Music-Induced Emotions Affect How We Encode Memories
Post by Anastasia Sares
The takeaway
Emotion and memory are tightly linked, but it is hard to measure continuous fluctuations in emotional states reliably in the lab. This work used music to reliably induce emotions across time and examined how transitions between different emotional states affect memory.
What's the science?
We are constantly processing the continuous stream of experience that happens in life, placing similar information into different “episodes” so that we can store them efficiently in memory. Transitioning into new contexts or situations can lead to uncertainty, like walking out of a building or changing conversation partners at a party, for example. Therefore, we are generally more vigilant during these times, paying more attention to what is new and having better memory for individual items. On the other hand, within an episode, we are better at remembering relationships between different items and the order of information, such as the numbers of the rooms we pass in a hallway or the order of topics in a conversation.
Most of the above examples involve external cues to signal the boundaries between adjacent events. But we also have an inner life, and we can transition between states of mind just as easily as we walk through doors or change conversation partners. In particular, we often transition between different emotional states over time. This week in Nature Communications, McClay and colleagues used music to induce different emotional states and show how fluctuations in these emotional states affect memory formation.
How did they do it?
The authors hired trained film score composers to create emotional musical pieces (choosing from joyous, calm, sad, and anxious), with each piece having three distinct sections with different emotions. These pieces were meant to induce a range of emotions according to the circumplex model of emotion, which holds that emotions can be defined along two main dimensions: arousal and valence. Arousal refers to the energy level of an emotion: high-energy emotions include joy and anxiousness, while low-energy emotions include sadness and calm. Valence refers to the positive or negative quality of an emotion: positive valence emotions include happiness and calm, while negative valence emotions include anxiousness and sadness.

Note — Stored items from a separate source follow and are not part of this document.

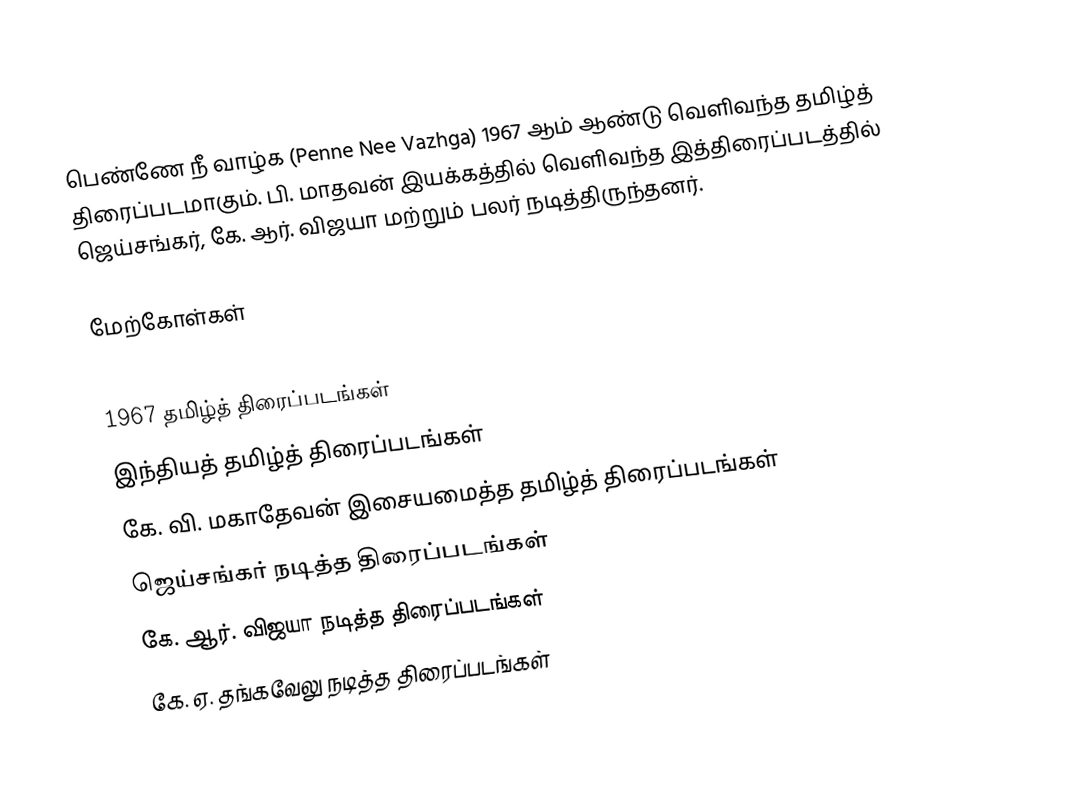
பெண்ணே நீ வாழ்க (Penne Nee Vazhga) 1967 ஆம் ஆண்டு வெளிவந்த தமிழ்த் திரைப்படமாகும். பி. மாதவன் இயக்கத்தில் வெளிவந்த இத்திரைப்படத்தில் ஜெய்சங்கர், கே. ஆர். விஜயா மற்றும் பலர் நடித்திருந்தனர்.

மேற்கோள்கள்

1967 தமிழ்த் திரைப்படங்கள்
இந்தியத் தமிழ்த் திரைப்படங்கள்
கே. வி. மகாதேவன் இசையமைத்த தமிழ்த் திரைப்படங்கள்
ஜெய்சங்கர் நடித்த திரைப்படங்கள்
கே. ஆர். விஜயா நடித்த திரைப்படங்கள்
கே. ஏ. தங்கவேலு நடித்த திரைப்படங்கள்
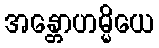
အန္တောဟမ္မိယေ
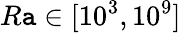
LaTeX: R\mathtt{a}\in[10^{3},10^{9}]
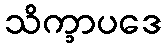
သိက္ခာပဒေ
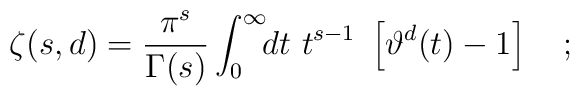
\zeta(s,d)=\frac{\pi^s}{\Gamma(s)}\int_0^{\infty}\!\!dt\  t^{s-1}\ \left[\vartheta^d(t) - 1 \right] \quad ;
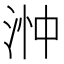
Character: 浺
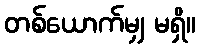
တစ်ယောက်မျှ မရှိ။
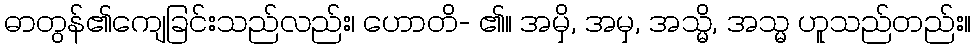
ဓာတွန်၏ကျေခြင်းသည်လည်း၊ ဟောတိ- ၏။ အမှိ, အမှ, အသ္မိ, အသ္မ ဟူသည်တည်း။
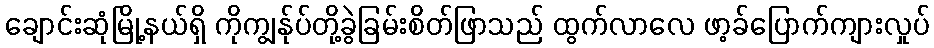
ချောင်းဆုံမြို့နယ်ရှိ ကိုကျွန်ုပ်တို့ခွဲခြမ်းစိတ်ဖြာသည် ထွက်လာလေ ဖာ့ခ်ပြောက်ကျားလှုပ်
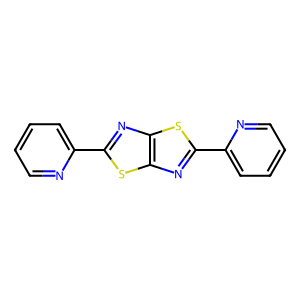
SMILES: c1ccc(-c2nc3sc(-c4ccccn4)nc3s2)nc1
Inhibits HIV replication: No
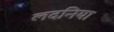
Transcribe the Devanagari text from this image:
लदनिया
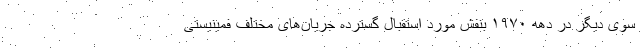
سوی دیگر در دهه ۱۹۷۰ بنفش مورد استقبال گسترده جریان‌های مختلف فمینیستی
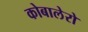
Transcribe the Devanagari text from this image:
कोबालेरो
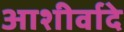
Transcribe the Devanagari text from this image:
आशीर्वादे
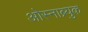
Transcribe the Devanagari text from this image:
ओस्नाब्र्युक
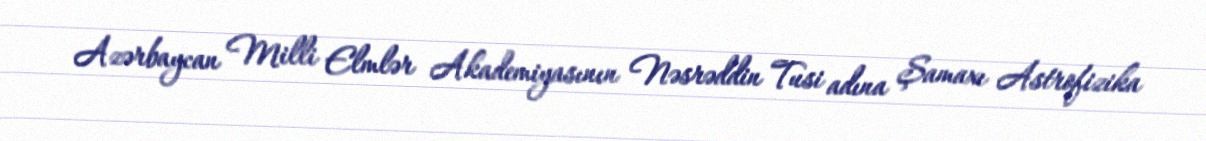
Azərbaycan Milli Elmlər Akademiyasının Nəsrəddin Tusi adına Şamaxı Astrofizika
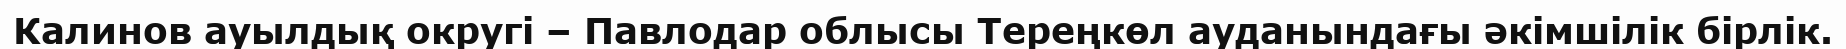
Калинов ауылдық округі – Павлодар облысы Тереңкөл ауданындағы әкімшілік бірлік.
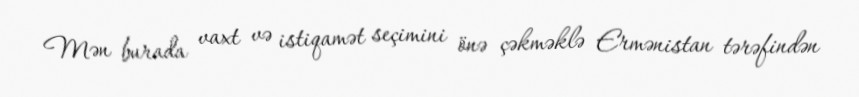
Mən burada vaxt və istiqamət seçimini önə çəkməklə Ermənistan tərəfindən
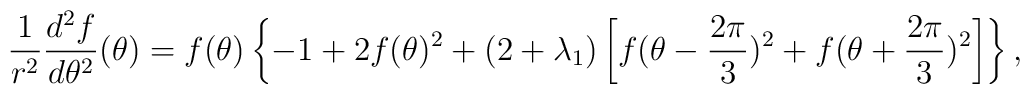
\frac{1}{r^{2}} \frac{d^{2}f}{d\theta^{2}}(\theta)= f(\theta) \left\{    -1 + 2 f(\theta)^{2} + (2 + \lambda_{1}) \left[    f(\theta - \frac{2\pi}{3})^{2} + f(\theta + \frac{2\pi}{3})^{2}     \right] \right\},
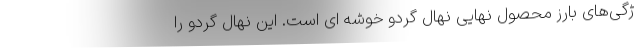
ژگی‌­های بارز محصول نهایی نهال گردو خوشه ای است. این نهال گردو را
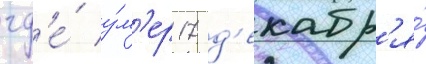
гд'е́ у́м'ер 17 д'екабр'я́
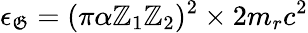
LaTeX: \epsilon_{\mathfrak{G}}=(\pi\alpha\mathbb{Z}_{1}\mathbb{Z}_{2})^{2}\times2m_{r}c^{2}
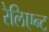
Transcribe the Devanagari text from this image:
रेलिएन्ट
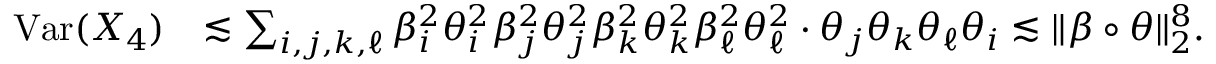
\begin{array} { r l } { \mathrm { V a r } ( X _ { 4 } ) } & { \lesssim \sum _ { i , j , k , \ell } \beta _ { i } ^ { 2 } \theta _ { i } ^ { 2 } \beta _ { j } ^ { 2 } \theta _ { j } ^ { 2 } \beta _ { k } ^ { 2 } \theta _ { k } ^ { 2 } \beta _ { \ell } ^ { 2 } \theta _ { \ell } ^ { 2 } \cdot \theta _ { j } \theta _ { k } \theta _ { \ell } \theta _ { i } \lesssim \| \beta \circ \theta \| _ { 2 } ^ { 8 } . } \end{array}
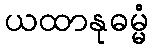
ယထာနုဓမ္မံ
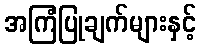
အကြံပြုချက်များနှင့်
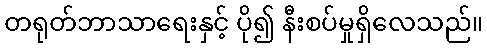
တရုတ်ဘာသာရေးနှင့် ပို၍ နီးစပ်မှုရှိလေသည်။
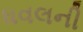
ધવલની
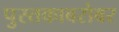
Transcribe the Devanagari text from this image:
पुस्तकाबरोबर
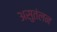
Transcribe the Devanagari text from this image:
असुतंलन
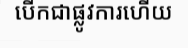
បើកជាផ្លូវការហើយ
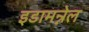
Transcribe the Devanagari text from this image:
इडामन्नेल
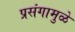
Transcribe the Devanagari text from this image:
प्रसंगामुळे

Participants first listened to the pieces in the background while trying to memorize a series of neutral images. At test time, they were presented with two objects and asked which one came first, and also how far apart the objects were in time. Finally, the participants were asked to rate the emotions they felt during the musical pieces using an “Emotional Compass”, a circle that captures a wide range of emotional valence and arousal levels. Participants rated their felt emotions in real-time, moving the mouse around on the Compass while re-listening to the musical pieces. In this way, the authors could extract measures of both the valence and the arousal levels participants experienced at each point in time and could then relate this to their memory performance. They also had a separate group of participants identify musical transitions, where the pitch or complexity changed significantly, so they could factor out the influence of these external sensory boundaries in their analyses.
What did they find?
When two images were separated by a significant emotional transition, people experienced “time dilation” – in other words, they judged the images to be further apart in time than they actually were. Participants also had worse memory for the order of those images. Images that were shown at a boundary transition were better preserved in long-term memory overall (this was tested one day later). These effects are typical of the memory effects seen in previous studies, showing that our experience can be segmented according to our internal states just as much as our external context.

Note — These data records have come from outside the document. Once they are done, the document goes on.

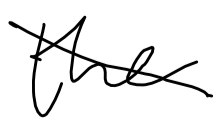
Text: the
Cross-out: diagonal
Writing tool: digital_black
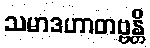
သမာဒဟာတဗ္ဗန္တိ
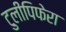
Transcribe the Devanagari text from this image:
टुलीपिफेरा
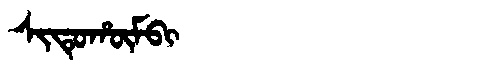
Manchu: ᠰᡳᡨᡠᡥᡡᠮᠪᡳ
Romanization: SITUHŪMBI
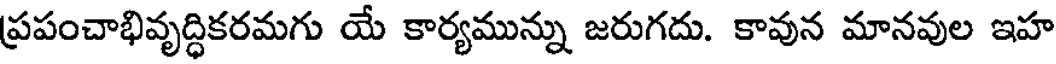
ప్రపంచాభివృద్ధికరమగు యే కార్యమున్ను జరుగదు. కావున మానవుల ఇహ
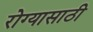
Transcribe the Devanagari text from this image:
रोग्यासाठी
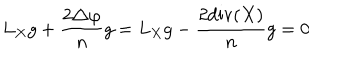
L _ { X } g + { \frac { 2 \triangle \varphi } { n } } g = L _ { X } g - { \frac { 2 \mathrm { d i v } ( X ) } { n } } g = 0
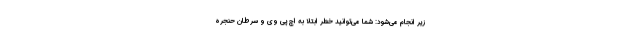
زیر انجام می­شود: شما می‌توانید خطر ابتلا به اچ پی وی و سرطان حنجره
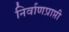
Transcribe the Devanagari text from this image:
निर्वाणप्राप्ती
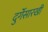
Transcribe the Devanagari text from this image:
दुर्गेसारखी
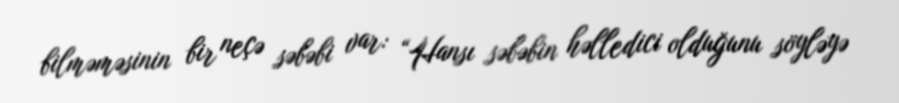
bilməməsinin bir neçə səbəbi var: “Hansı səbəbin həlledici olduğunu söyləyə
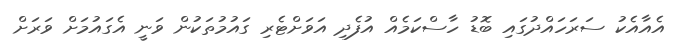
އެއާއެކު ސަރަހައްދުގައި ބޮޑު ހާސްކަމެއް އުފެދި އަވަށްޓެރި ގައުމުތަކުން ވަނީ އެގައުމަށް ވަރަށް
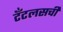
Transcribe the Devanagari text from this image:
टँटलसची
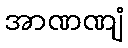
အာဏဏျံ
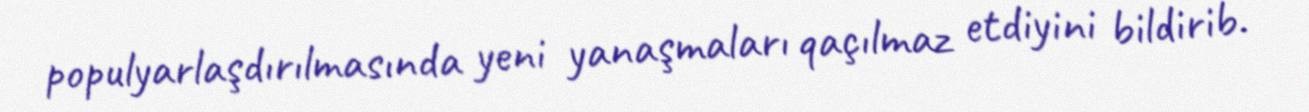
populyarlaşdırılmasında yeni yanaşmaları qaçılmaz etdiyini bildirib.
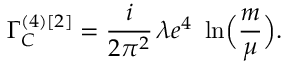
\Gamma _ { C } ^ { ( 4 ) [ 2 ] } = \frac { i } { 2 \pi ^ { 2 } } \, \lambda e ^ { 4 } \, \, \ln \Bigl ( \frac { m } { \mu } \Bigr ) .
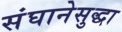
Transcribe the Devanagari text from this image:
संघानेसुद्धा
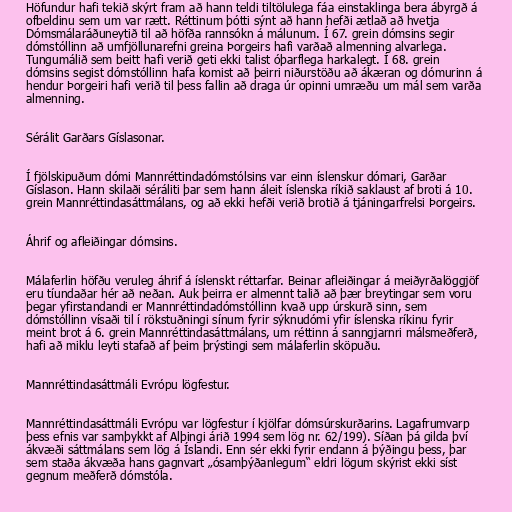
Höfundur hafi tekið skýrt fram að hann teldi tiltölulega fáa einstaklinga bera ábyrgð á
ofbeldinu sem um var rætt. Réttinum þótti sýnt að hann hefði ætlað að hvetja
Dómsmálaráðuneytið til að höfða rannsókn á málunum. Í 67. grein dómsins segir
dómstóllinn að umfjöllunarefni greina Þorgeirs hafi varðað almenning alvarlega.
Tungumálið sem beitt hafi verið geti ekki talist óþarflega harkalegt. Í 68. grein
dómsins segist dómstóllinn hafa komist að þeirri niðurstöðu að ákæran og dómurinn á
hendur Þorgeiri hafi verið til þess fallin að draga úr opinni umræðu um mál sem varða
almenning.

Sérálit Garðars Gíslasonar.

Í fjölskipuðum dómi Mannréttindadómstólsins var einn íslenskur dómari, Garðar
Gíslason. Hann skilaði séráliti þar sem hann áleit íslenska ríkið saklaust af broti á 10.
grein Mannréttindasáttmálans, og að ekki hefði verið brotið á tjáningarfrelsi Þorgeirs.

Áhrif og afleiðingar dómsins.

Málaferlin höfðu veruleg áhrif á íslenskt réttarfar. Beinar afleiðingar á meiðyrðalöggjöf
eru tíundaðar hér að neðan. Auk þeirra er almennt talið að þær breytingar sem voru
þegar yfirstandandi er Mannréttindadómstóllinn kvað upp úrskurð sinn, sem
dómstóllinn vísaði til í rökstuðningi sínum fyrir sýknudómi yfir íslenska ríkinu fyrir
meint brot á 6. grein Mannréttindasáttmálans, um réttinn á sanngjarnri málsmeðferð,
hafi að miklu leyti stafað af þeim þrýstingi sem málaferlin sköpuðu.

Mannréttindasáttmáli Evrópu lögfestur.

Mannréttindasáttmáli Evrópu var lögfestur í kjölfar dómsúrskurðarins. Lagafrumvarp
þess efnis var samþykkt af Alþingi árið 1994 sem lög nr. 62/199). Síðan þá gilda því
ákvæði sáttmálans sem lög á Íslandi. Enn sér ekki fyrir endann á þýðingu þess, þar
sem staða ákvæða hans gagnvart „ósamþýðanlegum“ eldri lögum skýrist ekki síst
gegnum meðferð dómstóla.
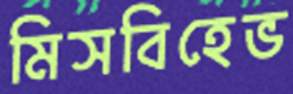
মিসবিহেভ
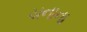
ચનાના
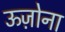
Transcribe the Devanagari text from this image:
ऊज़ोना
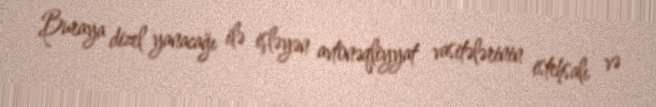
Buraya dizel yanacağı ilə işləyən avtonəqliyyat vasitələrinin istehsalı və
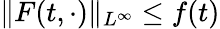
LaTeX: \| F(t,\cdot)\| _{L^{\infty}}\leq f(t)
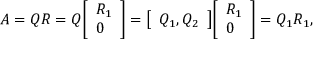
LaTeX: A = Q R = Q { \left[ \begin{array} { l } { R _ { 1 } } \\ { 0 } \end{array} \right] } = { \left[ \begin{array} { l } { Q _ { 1 } , Q _ { 2 } } \end{array} \right] } { \left[ \begin{array} { l } { R _ { 1 } } \\ { 0 } \end{array} \right] } = Q _ { 1 } R _ { 1 } ,
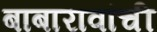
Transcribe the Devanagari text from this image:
बाबारावांची
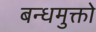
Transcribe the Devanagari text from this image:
बन्धमुक्तो

On the other hand, a large shift towards more positive emotions led to item pairs being judged as closer in time (i.e., “time compression”) and people remembered the order of those images better. High-arousal positive emotions also boosted long-term memory for accompanying items: participants could better identify which items were presented as well as when those items were encountered during the sequence. These findings indicate that positive emotions can help to fuse things together in memory, while either being in or shifting towards more negative emotional contexts may instead contribute to memory segmentation and worse memory for timing.
What's the impact?
This work shows that internal emotional states, especially emotional valence, can separate events in memory just like external changes in place and time. It also demonstrates that music is a useful tool for studying emotion in a continuous context in a realistic and reliable way.